◆ **DATA TO USE**:
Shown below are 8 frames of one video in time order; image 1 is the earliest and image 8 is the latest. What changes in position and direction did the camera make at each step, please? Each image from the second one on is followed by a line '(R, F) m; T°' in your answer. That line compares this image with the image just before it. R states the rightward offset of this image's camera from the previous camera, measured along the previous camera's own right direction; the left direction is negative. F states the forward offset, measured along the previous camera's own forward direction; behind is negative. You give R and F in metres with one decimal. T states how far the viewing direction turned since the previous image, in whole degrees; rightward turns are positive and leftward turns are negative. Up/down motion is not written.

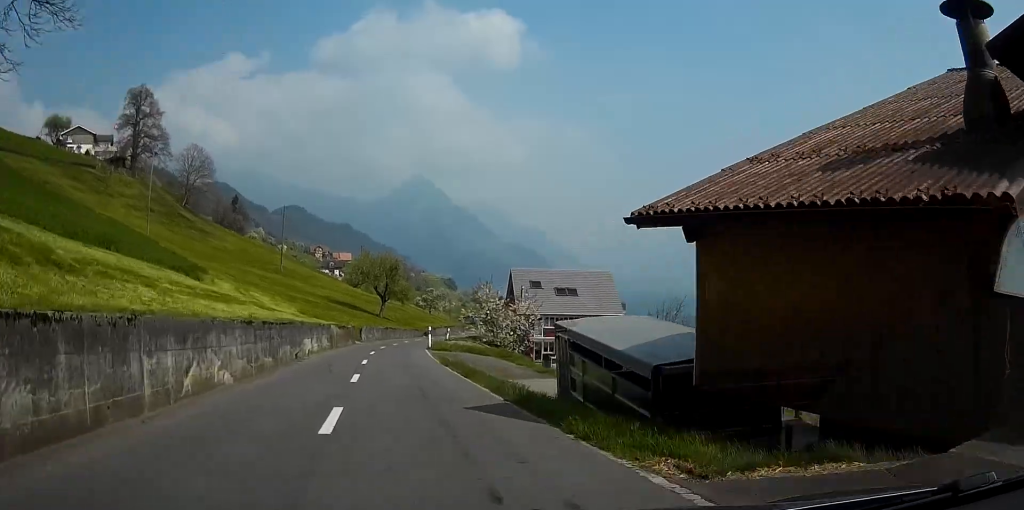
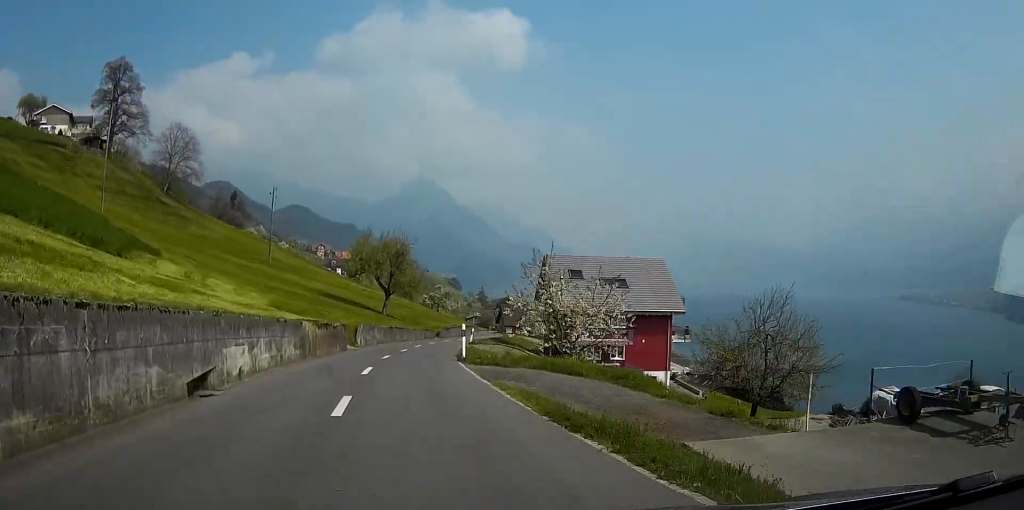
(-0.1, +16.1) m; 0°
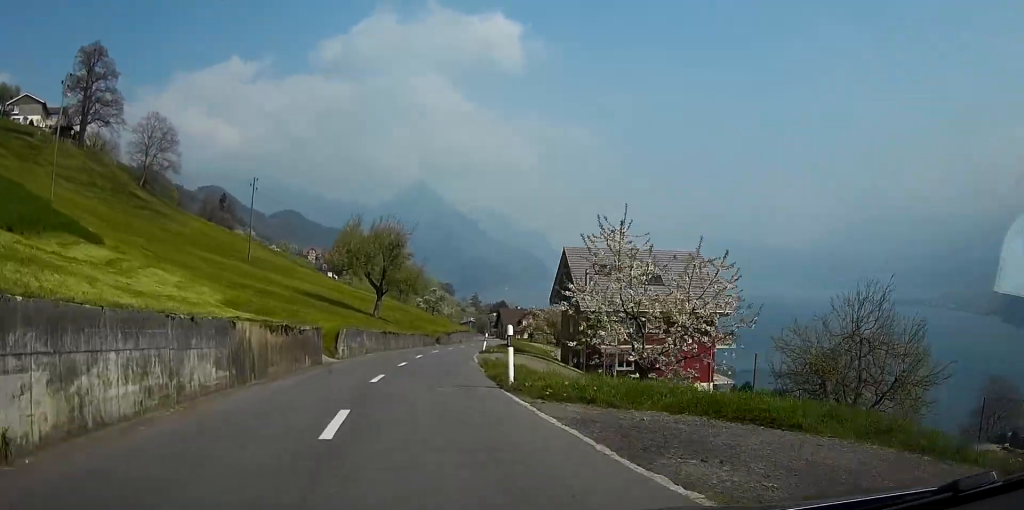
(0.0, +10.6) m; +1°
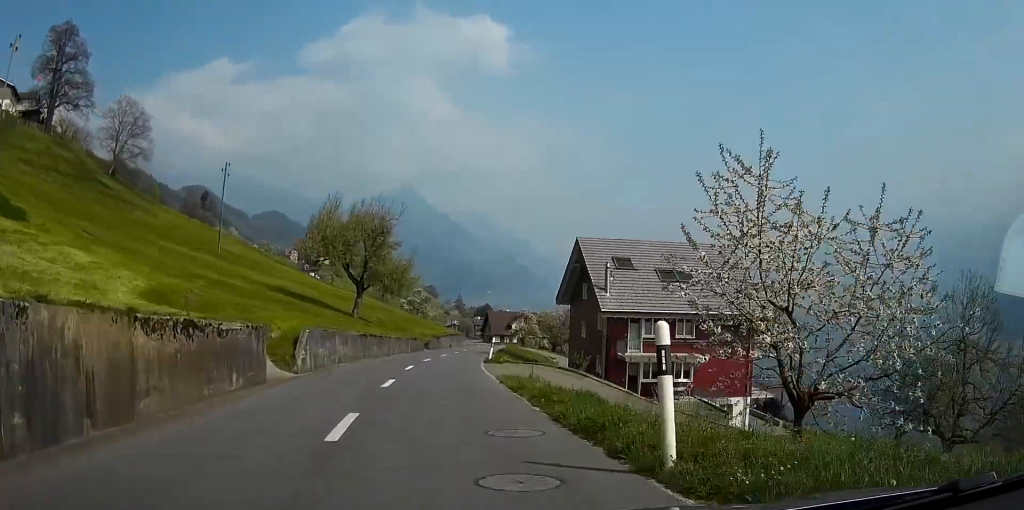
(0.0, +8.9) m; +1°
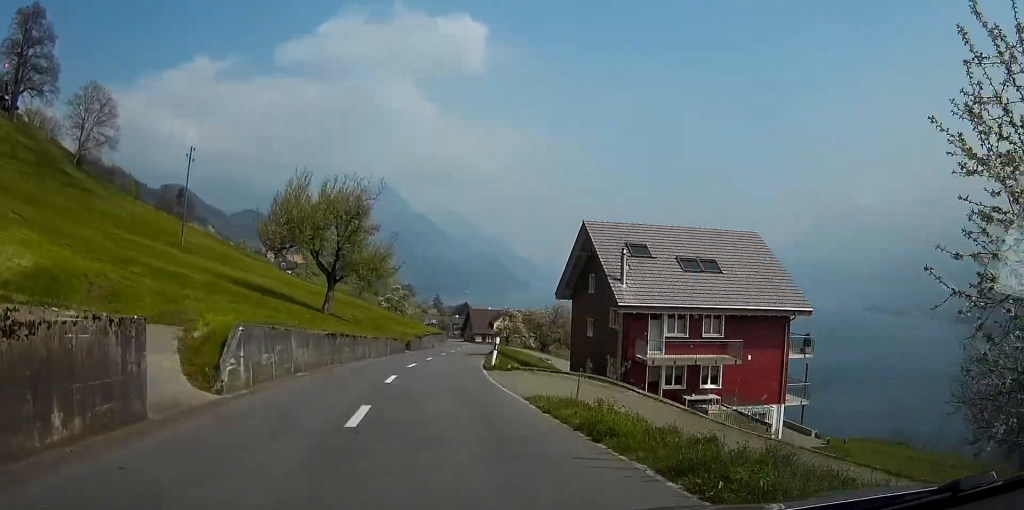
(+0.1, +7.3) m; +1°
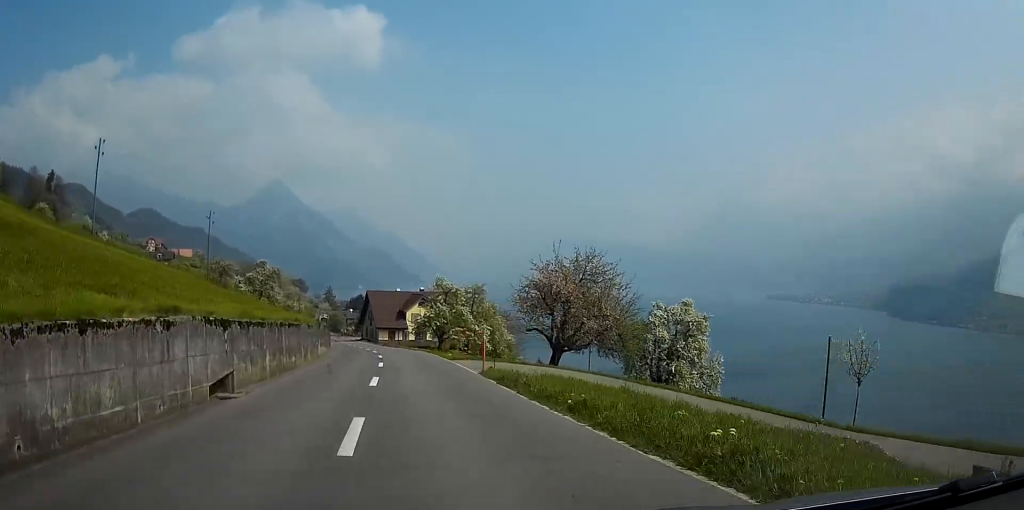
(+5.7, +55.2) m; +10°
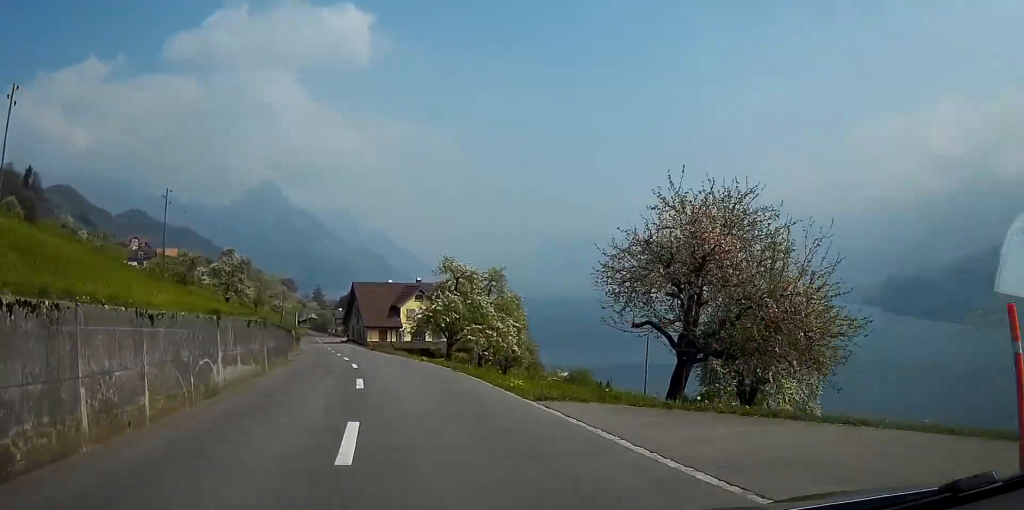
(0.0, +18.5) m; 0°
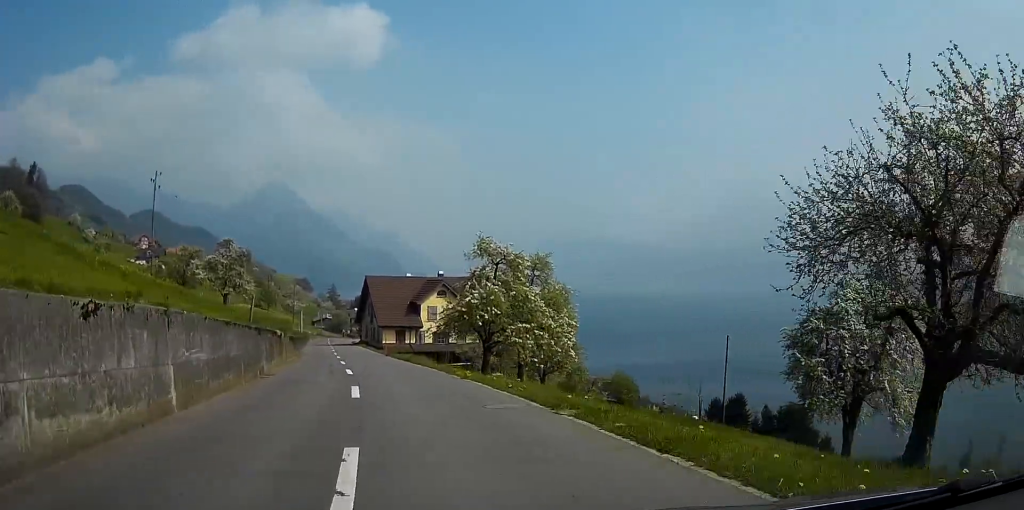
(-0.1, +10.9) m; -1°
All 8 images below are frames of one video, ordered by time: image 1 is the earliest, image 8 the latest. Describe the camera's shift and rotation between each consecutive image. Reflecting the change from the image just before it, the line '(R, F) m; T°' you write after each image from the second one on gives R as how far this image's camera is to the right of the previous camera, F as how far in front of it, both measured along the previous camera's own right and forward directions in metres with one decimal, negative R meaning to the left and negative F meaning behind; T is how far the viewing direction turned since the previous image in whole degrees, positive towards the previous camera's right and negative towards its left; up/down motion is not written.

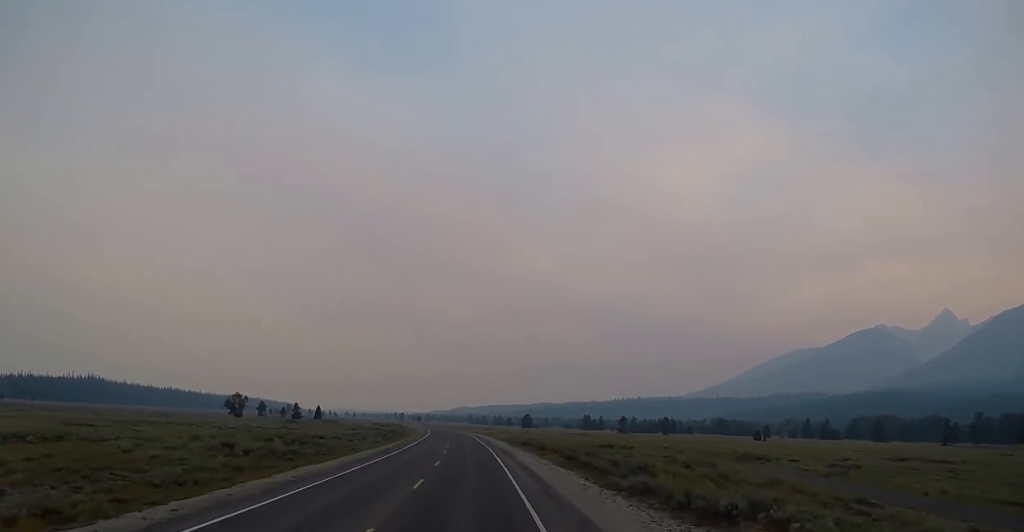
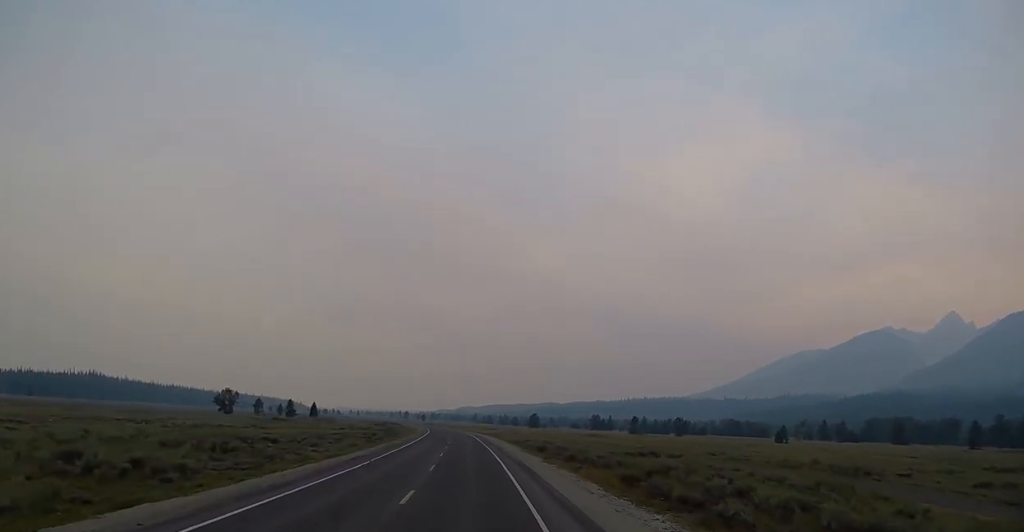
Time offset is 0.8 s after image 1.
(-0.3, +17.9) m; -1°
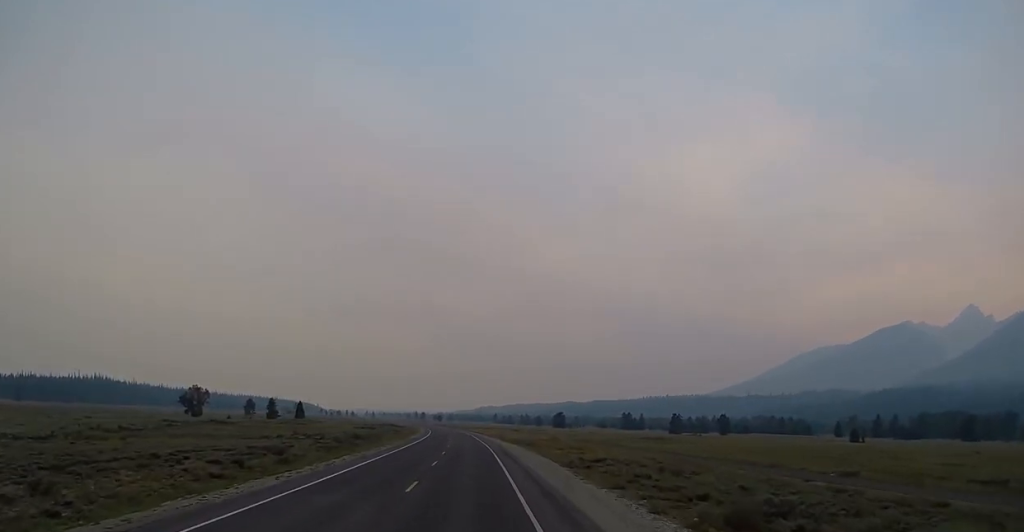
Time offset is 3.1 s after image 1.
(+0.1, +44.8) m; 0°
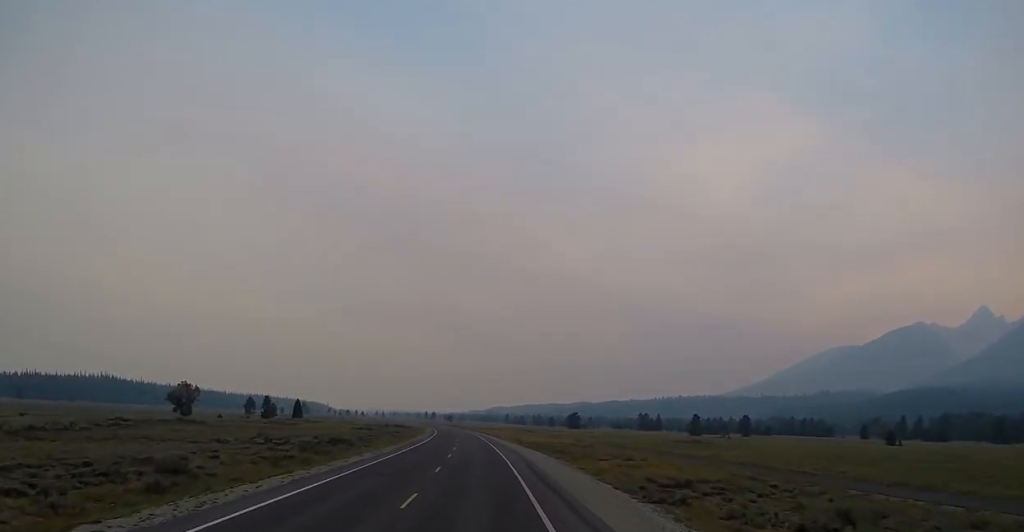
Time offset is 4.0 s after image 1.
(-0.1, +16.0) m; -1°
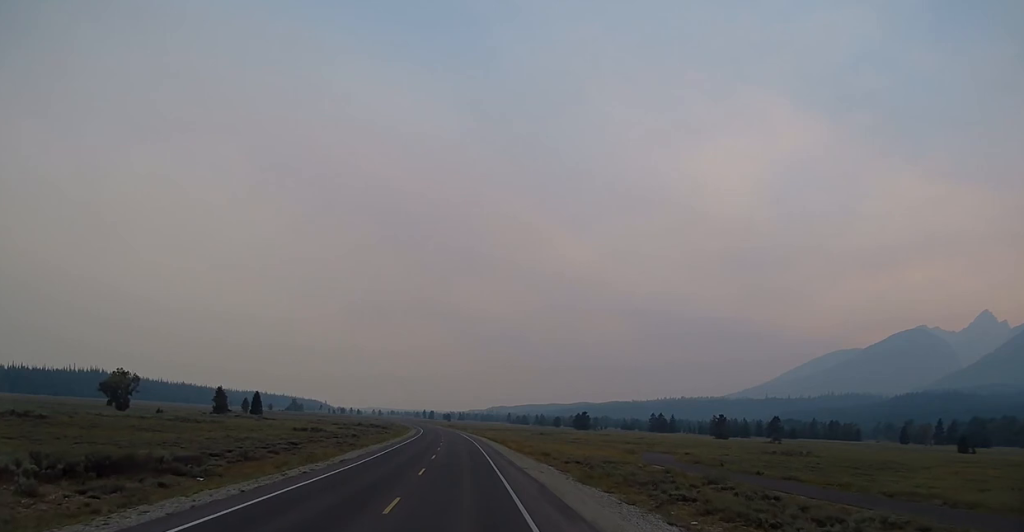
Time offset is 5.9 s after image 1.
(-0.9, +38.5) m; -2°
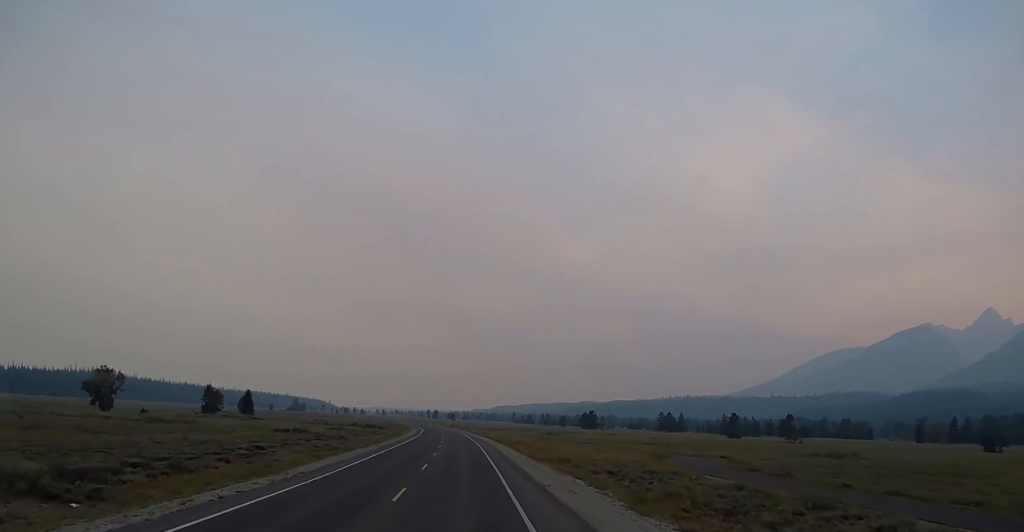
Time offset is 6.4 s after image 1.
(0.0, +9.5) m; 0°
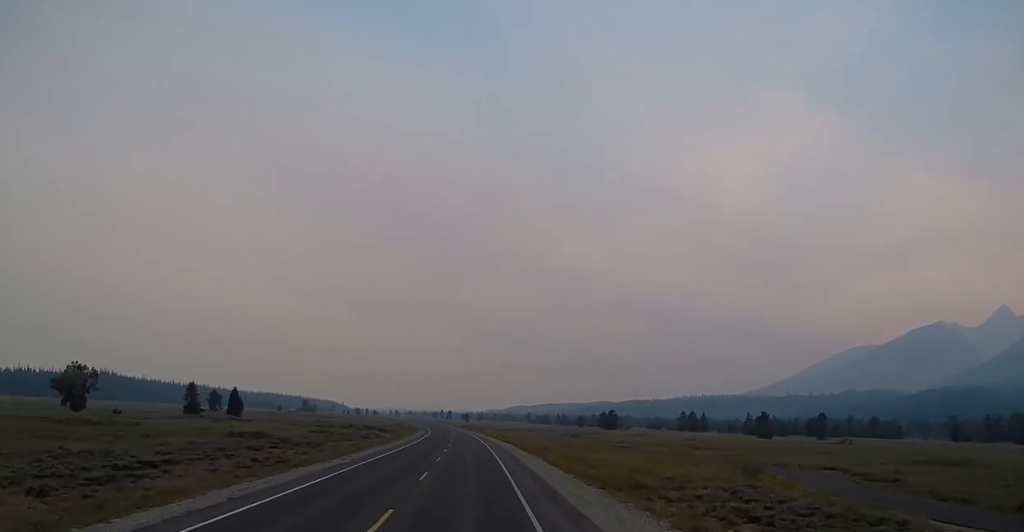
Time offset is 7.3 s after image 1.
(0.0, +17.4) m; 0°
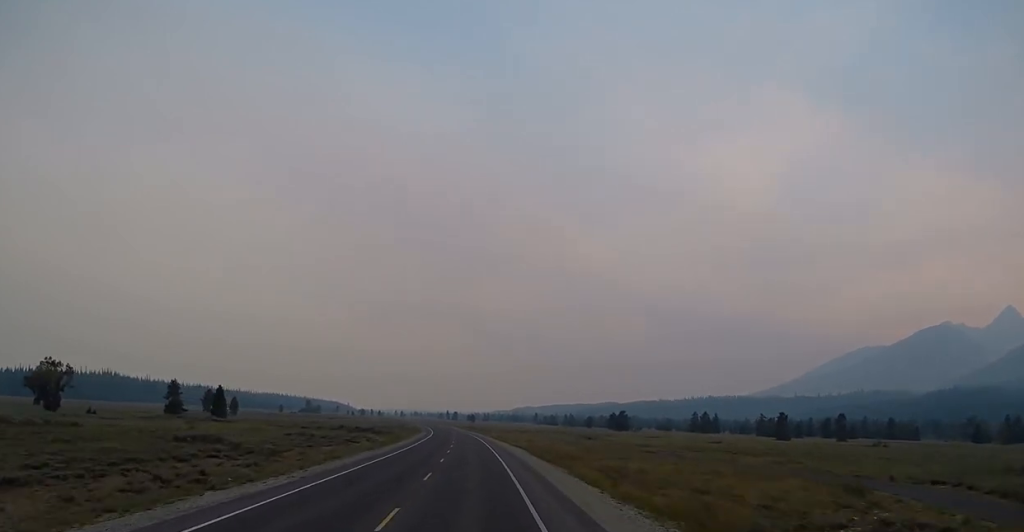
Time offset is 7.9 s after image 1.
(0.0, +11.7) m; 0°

◆ **WHAT IS EXPECTED**:
What belongs in the answer is each line above, reproduced exactly, and no picture.

◆ **SOLUTION TO THIS TASK**:
Shown below are 8 frames of one video in time order; image 1 is the earliest and image 8 is the latest. What changes in position and direction did the camera make at each step, please? Each image from the second one on is followed by a line '(R, F) m; T°' in your answer. That line compares this image with the image just before it. R states the rightward offset of this image's camera from the previous camera, measured along the previous camera's own right direction; the left direction is negative. F states the forward offset, measured along the previous camera's own forward direction; behind is negative. You give R and F in metres with one decimal. T states how far the viewing direction turned since the previous image, in whole degrees; rightward turns are positive and leftward turns are negative. Up/down motion is not written.

(-0.1, +16.1) m; 0°
(0.0, +10.6) m; +1°
(0.0, +8.9) m; +1°
(+0.1, +7.3) m; +1°
(+5.7, +55.2) m; +10°
(0.0, +18.5) m; 0°
(-0.1, +10.9) m; -1°
All 8 images below are frames of one video, ordered by time: image 1 is the earliest, image 8 the latest. Describe the camera's shift and rotation between each consecutive image. Reflecting the change from the image just before it, the line '(R, F) m; T°' you write after each image from the second one on gives R as how far this image's camera is to the right of the previous camera, F as how far in front of it, both measured along the previous camera's own right and forward directions in metres with one decimal, negative R meaning to the left and negative F meaning behind; T is how far the viewing direction turned since the previous image in whole degrees, positive towards the previous camera's right and negative towards its left; up/down motion is not written.

Time offset is 0.8 s after image 1.
(-0.3, +17.9) m; -1°
Time offset is 3.1 s after image 1.
(+0.1, +44.8) m; 0°
Time offset is 4.0 s after image 1.
(-0.1, +16.0) m; -1°
Time offset is 5.9 s after image 1.
(-0.9, +38.5) m; -2°
Time offset is 6.4 s after image 1.
(0.0, +9.5) m; 0°
Time offset is 7.3 s after image 1.
(0.0, +17.4) m; 0°
Time offset is 7.9 s after image 1.
(0.0, +11.7) m; 0°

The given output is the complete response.